Pre-Compliance EMC Testing of an Automotive Navigation System (CISPR 25 Bench Setup)

This case study describes a pre-compliance EMC test campaign on an automotive navigation subsystem designed to support high-level autonomous driving functions. The unit integrates LiDAR and radar sensors and was evaluated using a CISPR 25-based bench-top setup to assess conducted emissions, radiated emissions, conducted immunity (BCI), and ESD before formal lab testing. By combining current-probe measurements, TEM cell predictions, and bulk current injection testing, we were able to identify early EMC behaviours and give confidence in the design’s ability to meet regulatory requirements.

Client Context

The client is an automotive Tier‑1 supplier developing a cutting‑edge navigation subsystem intended to support high‑level autonomous driving functions. The unit integrates LiDAR and radar sensors and is designed to operate as part of a larger autonomous driving platform. A camera is not included in this module, as it will ultimately be integrated into a higher‑level system that provides the full sensor suite required for autonomous operation.

Scope of Work

The scope of this engagement was clearly defined. The client asked us to carry out an automotive component / subsystem‑level EMC pre‑compliance assessment.

The objective was to gain an early understanding of the EMC performance of the unit without immediately progressing to full laboratory compliance testing.

This approach helps to:

• Identify potential EMC risks early

• Highlight any red‑flag issues at an early design stage

• Reduce cost and time associated with late‑stage compliance failures

• Enable targeted design improvements ahead of final certification testing

The specific tests of interest were:

• Conducted emissions

• Radiated emissions

• Conducted immunity (Bulk Current Injection – BCI)

• Electrostatic discharge (ESD)

Technical Approach

A CISPR 25–based automotive EMC bench‑top test set-up was established in our laboratory to replicate key elements of a vehicle‑level EMC environment.

To assess radiated emissions efficiently at the pre‑compliance stage, we employed a hybrid measurement approach, combining:

• Current probe measurements on cables

• TEM cell testing

This methodology allows far‑field radiated emissions behaviour to be predicted with good confidence, without the need for a full anechoic chamber.

For conducted immunity, we carried out Bulk Current Injection (BCI) testing on cables using our in‑house setup, enabling early identification of susceptibility risks.

Summary

• We tested the DUT using a quasi-CISPR25 automotive set-up.

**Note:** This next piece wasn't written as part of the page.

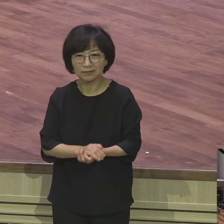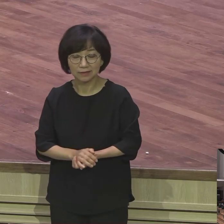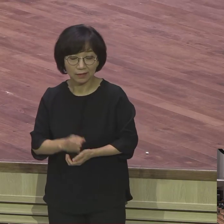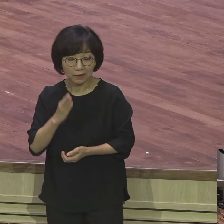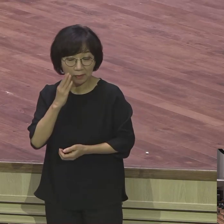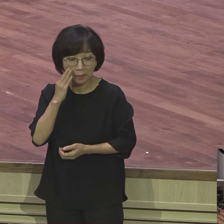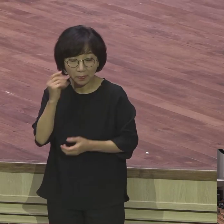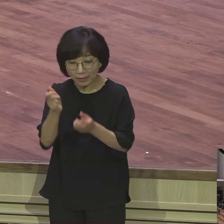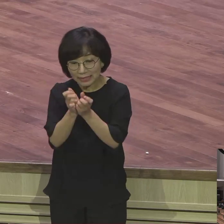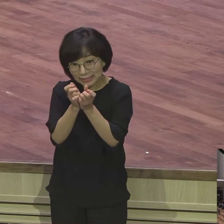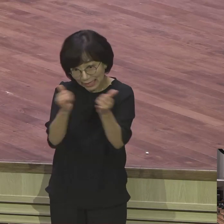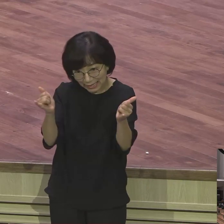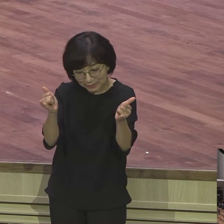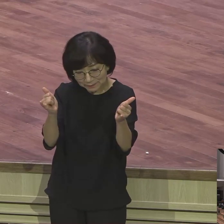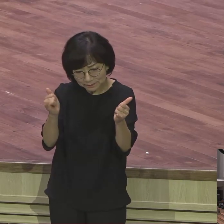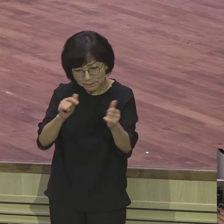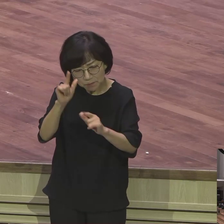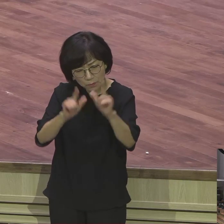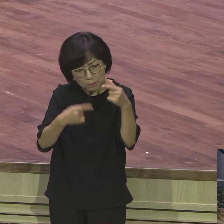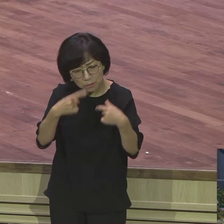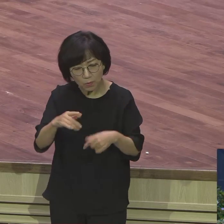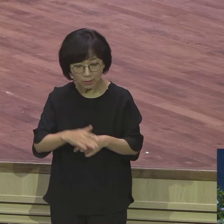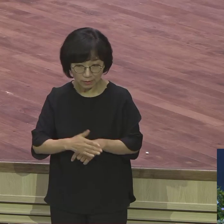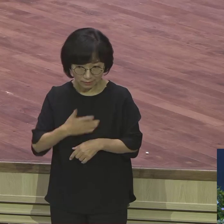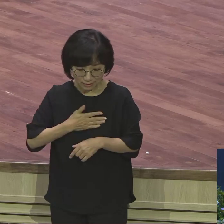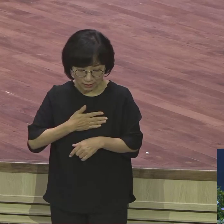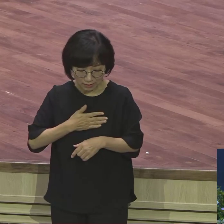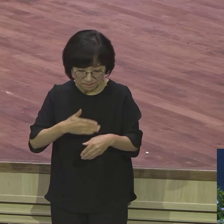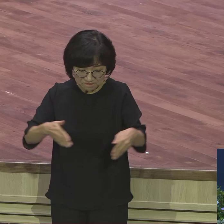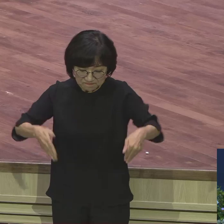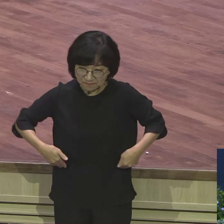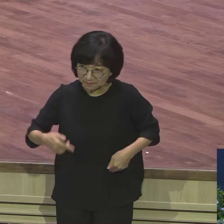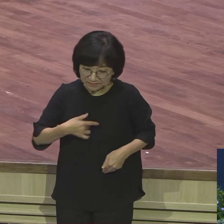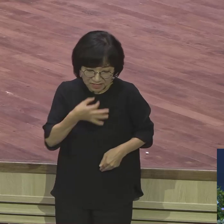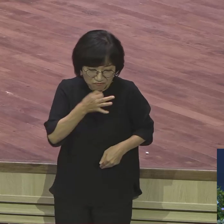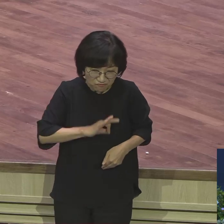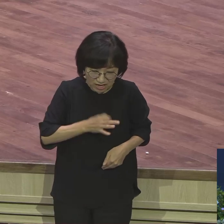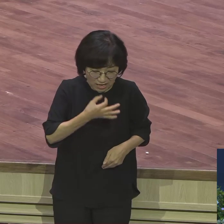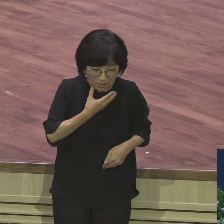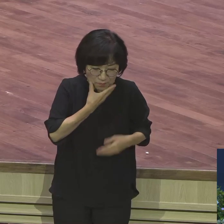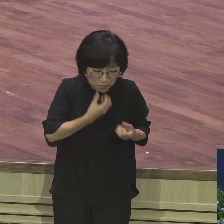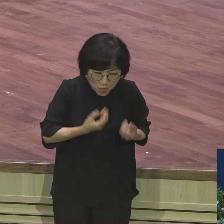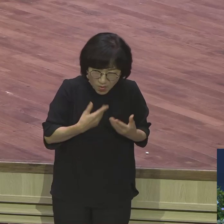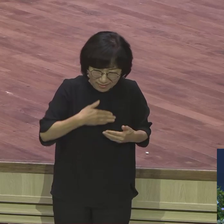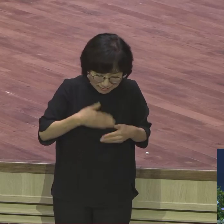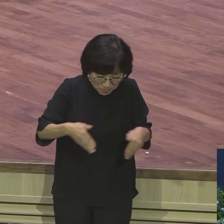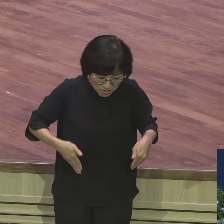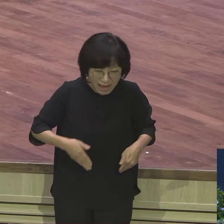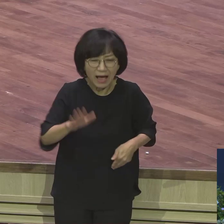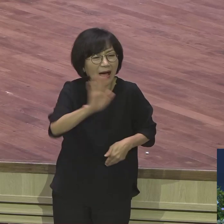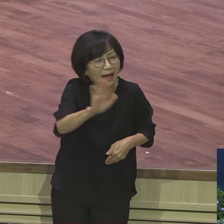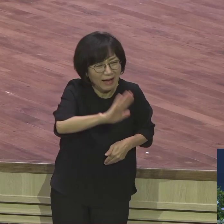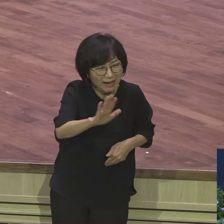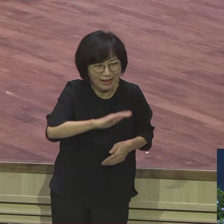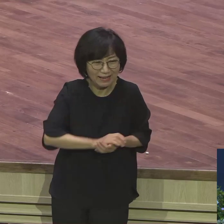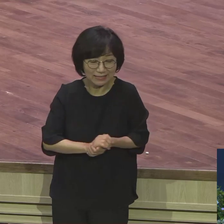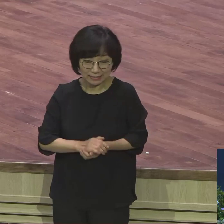자기만 잘 되는 게 아니 다른 사람도 복을 받는 거요 요셉 덕분에

Since the power supply cable is relatively long—and we intend to use this length later for radiated emissions testing—we decided to leave it as is.

• The conducted emissions results were promising, with the DUT appearing to meet Class 5 limits. Even if not, achieving Class 4 should be very realistic. The uncertainty here comes from the differences in the test set-up (long cable rather than a short cable that is less than 20 cm).

• For radiated emissions (up to 1 GHz), we used both an RF current probe and a TEM cell. No red flags were observed at this stage, and the DUT is expected to meet ECE Regulation 10 requirements. Compared to CISPR 25, we believe

compliance with Class 3 or 4 should also be achievable.

• We tested two configurations: one with the DUT placed on a 50 mm insulation support over the test ground plane, and the other with the DUT chassis directly placed on the ground plane. From a conducted emissions standpoint, the results were very similar—an encouraging sign. Radiated emissions are expected to improve further with the direct bond to the ground plane.

• For immunity testing, we performed BCI (Bulk Current Injection) while monitoring the data packets for signs of corruption or loss—none were observed. We also used a current monitoring probe to track injected current, as the set-up introduces VSWR on the cable. During testing, the minimum injected current was around 50 mA, with an average level above 70 mA, providing good confidence in the DUT's immunity performance.